I remember trying to use their site when I recently installed W7 and lol'd my way out when I got the big ass disable adblock shit—uBlock saving the day again.

[QUOTE=Axznma;51430885]I remember trying to use their site when I recently installed W7 and lol'd my way out when I got the big ass disable adblock shit—uBlock saving the day again.[/QUOTE] Using ABP here. Gonna check out uBlock at some point. Looks like it's ahead on its malicious site lists.

Oh jeez, thanks for posting this, I had no idea this was going on. I use the universal patcher thingy, and that's what I recommend when I tell people how to do this stuff, but I never give a link or specify exactly what I'm talking about which might make them mistakenly download this. Now I know! :v:

[QUOTE=SuperDuperScoot;51431954]Oh jeez, thanks for posting this, I had no idea this was going on. I use the universal patcher thingy, and that's what I recommend when I tell people how to do this stuff, but I never give a link or specify exactly what I'm talking about which might make them mistakenly download this. Now I know! :v:[/QUOTE] For future reference, this is the one and only thing you should be using: [url]http://uxstyle.com/[/url]

That's the first one I ever tried, and it straight up didn't work. No errors or anything, but I used it, restarted, and it didn't do anything. Universal Theme Patcher/Universal UXTheme Patcher whatever the fuck it's called nowadays was the only one that worked. No idea why, but that's just how it went. I don't see anything wrong with that I use; the OP mentioned it too as a clean way to do it.
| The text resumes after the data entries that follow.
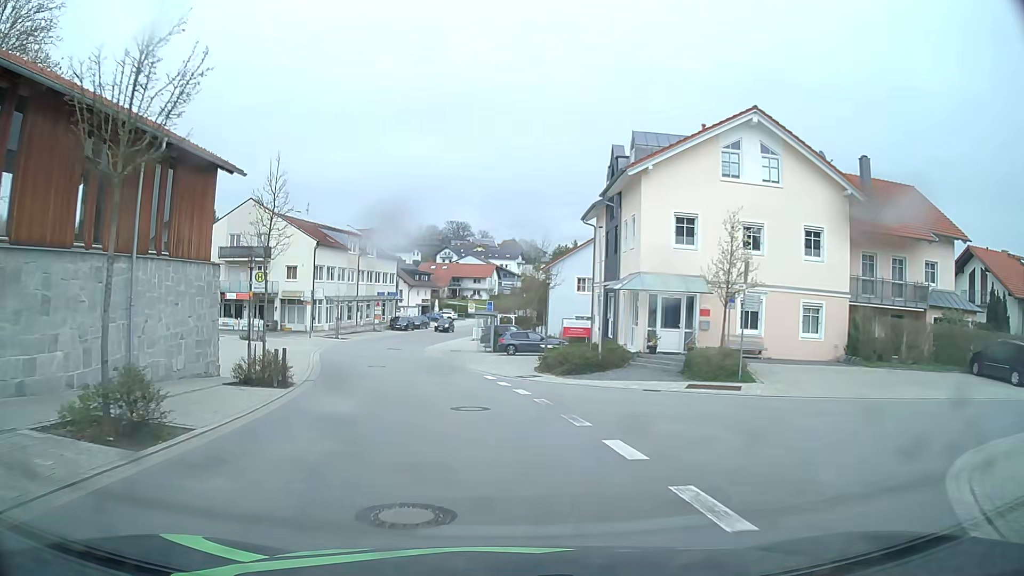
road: tertiary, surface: asphalt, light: Day
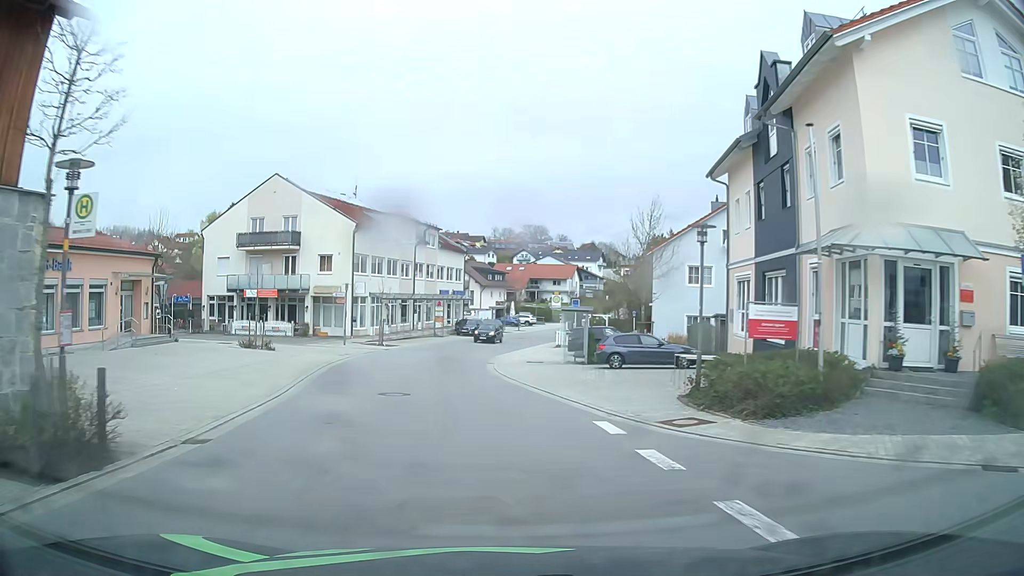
(-0.7, +12.5) m; -7°
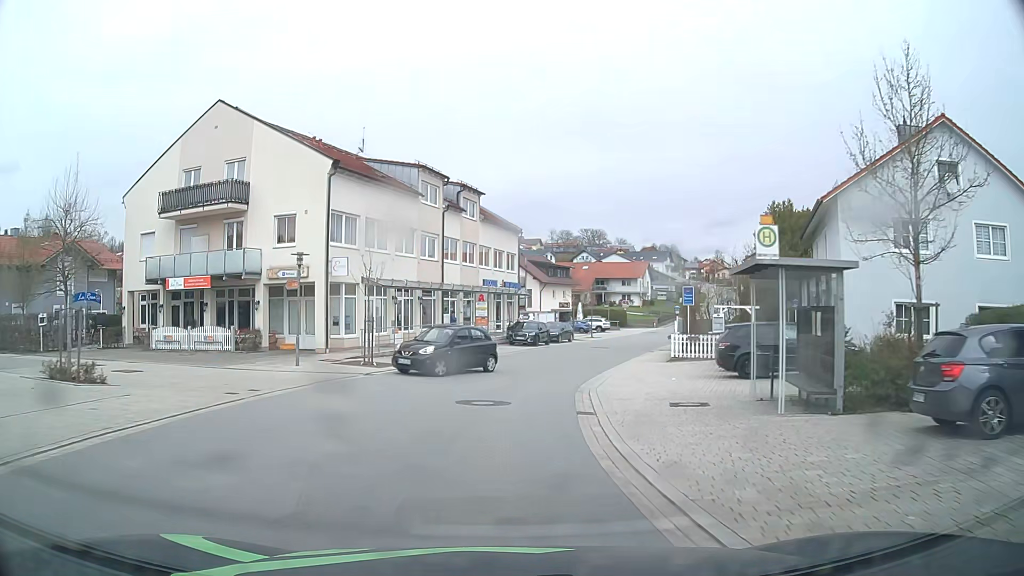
(-1.0, +19.5) m; -5°
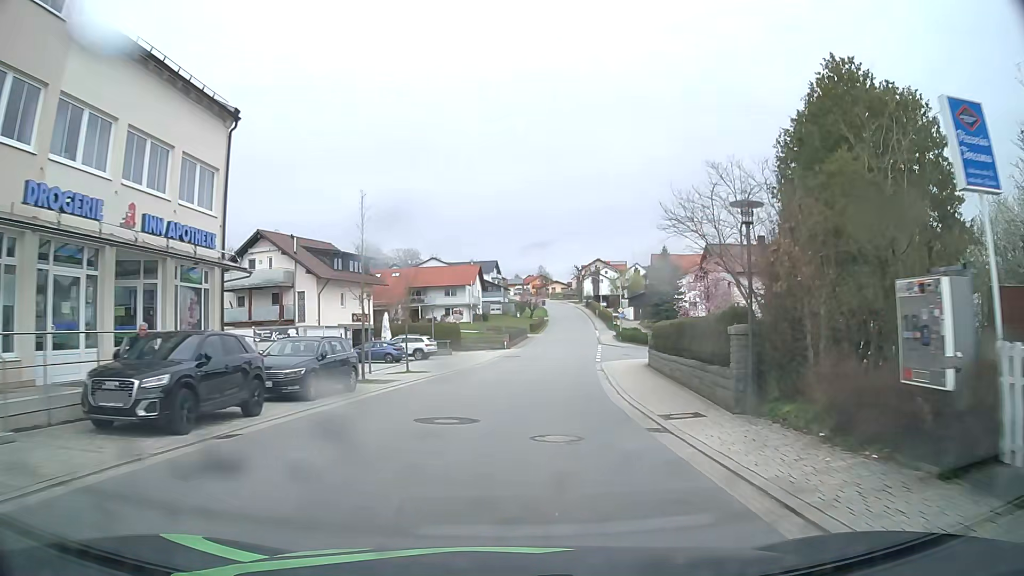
(+3.1, +32.2) m; +15°
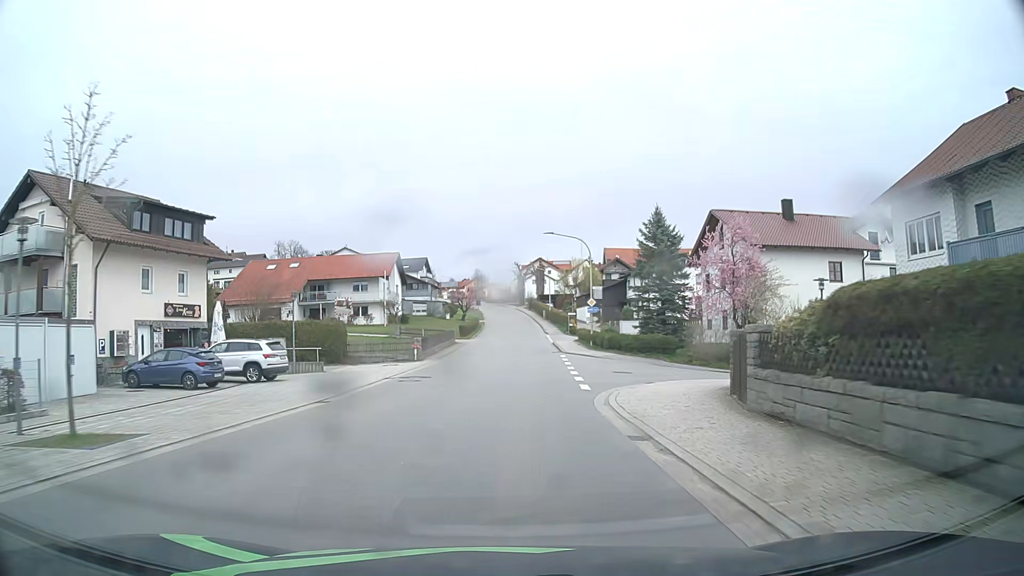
(+1.4, +20.8) m; +6°
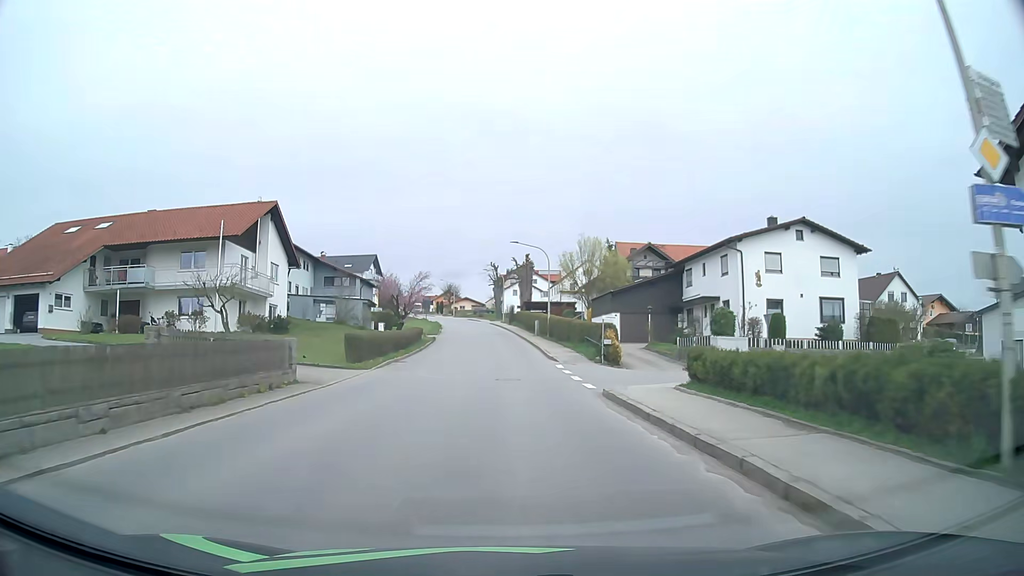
(+1.0, +37.9) m; +2°
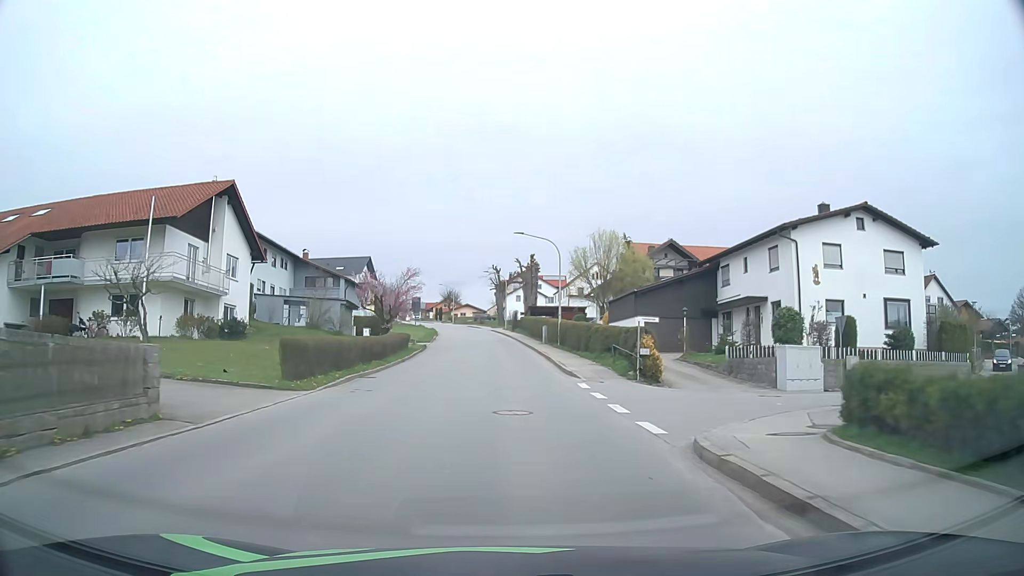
(0.0, +7.9) m; 0°
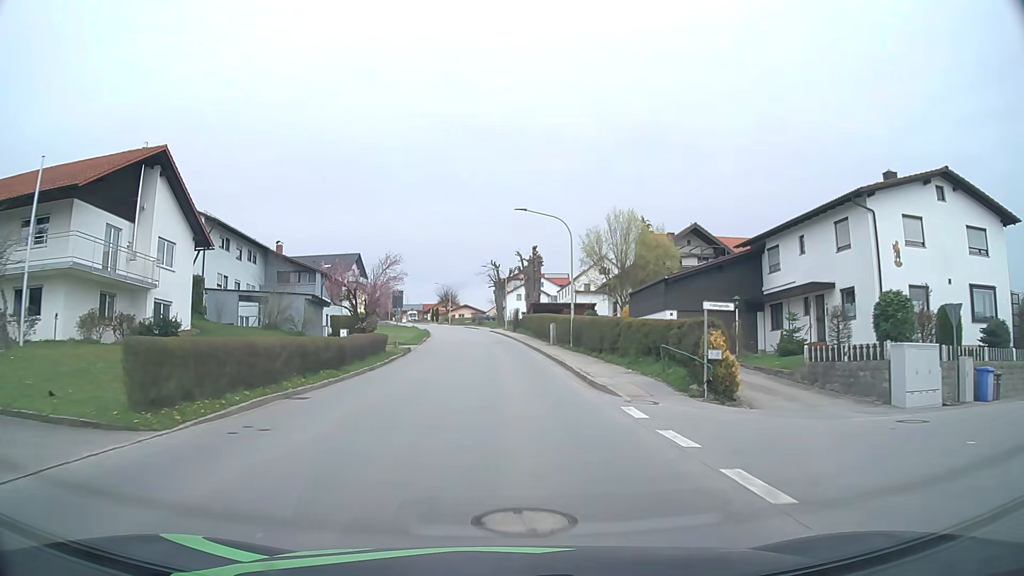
(0.0, +8.0) m; 0°
(0, +10) (0, +20) (0, +30) (-1, +40) (-1, +50) (-2, +60) (-3, +70) (-4, +80) (-6, +90) (-8, +99) m

[QUOTE=SuperDuperScoot;51432375]That's the first one I ever tried, and it straight up didn't work. No errors or anything, but I used it, restarted, and it didn't do anything. Universal Theme Patcher/Universal UXTheme Patcher whatever the fuck it's called nowadays was the only one that worked. No idea why, but that's just how it went. I don't see anything wrong with that I use; the OP mentioned it too as a clean way to do it.[/QUOTE] It's anything but clean. It breaks with almost every major (And some minor) updates, and it invites people to do nasty things to your system files on-disk. Not sure what issue you had with it, but it works fine. I'm on Windows 10 Anniversary, and the Technical Preview copy of UXStyle still works flawlessly.

[QUOTE=1/4 Life;51432479]It's anything but clean. It breaks with almost every major (And some minor) updates,[/QUOTE] I've went through a massive amount of updates at once and it hasn't broken at all. [QUOTE]and it invites people to do nasty things to your system files on-disk.[/QUOTE] How so?

I only use this for customization on my windows 10 since the title bar is white by default which is an eye sore [url]https://www.reddit.com/r/Windows10/comments/3syvdw/anyone_know_how_to_get_a_simple_black_accent_color/cx20itk/[/url]

As the last XP user in the planet I can say that I stopped using themes in 2012 when most programs fucking pushed their own UI theme preferences so hard it would break the skinning utility.

[QUOTE=pentium;51438049]As the last XP user in the planet I can say that I stopped using themes in 2012 when most programs fucking pushed their own UI theme preferences so hard it would break the skinning utility.[/QUOTE] Of all people I assumed you used Classic Theme Restorer for Firefox.

[QUOTE=chipsnapper2;51439664]Of all people I assumed you used Classic Theme Restorer for Firefox.[/QUOTE] CTR is legitimately good even for someone not stuck several decades in the past though. If for no other reason than getting rid of those god awful Chrome-clone angled tabs that waste a bunch of space for no actual reason.

[QUOTE=pentium;51438049]As the last XP user in the planet I can say that I stopped using themes in 2012 when most programs fucking pushed their own UI theme preferences so hard it would break the skinning utility.[/QUOTE]Why are you still on XP, though? If you don't mind me asking. Aren't you afraid of it's security holes?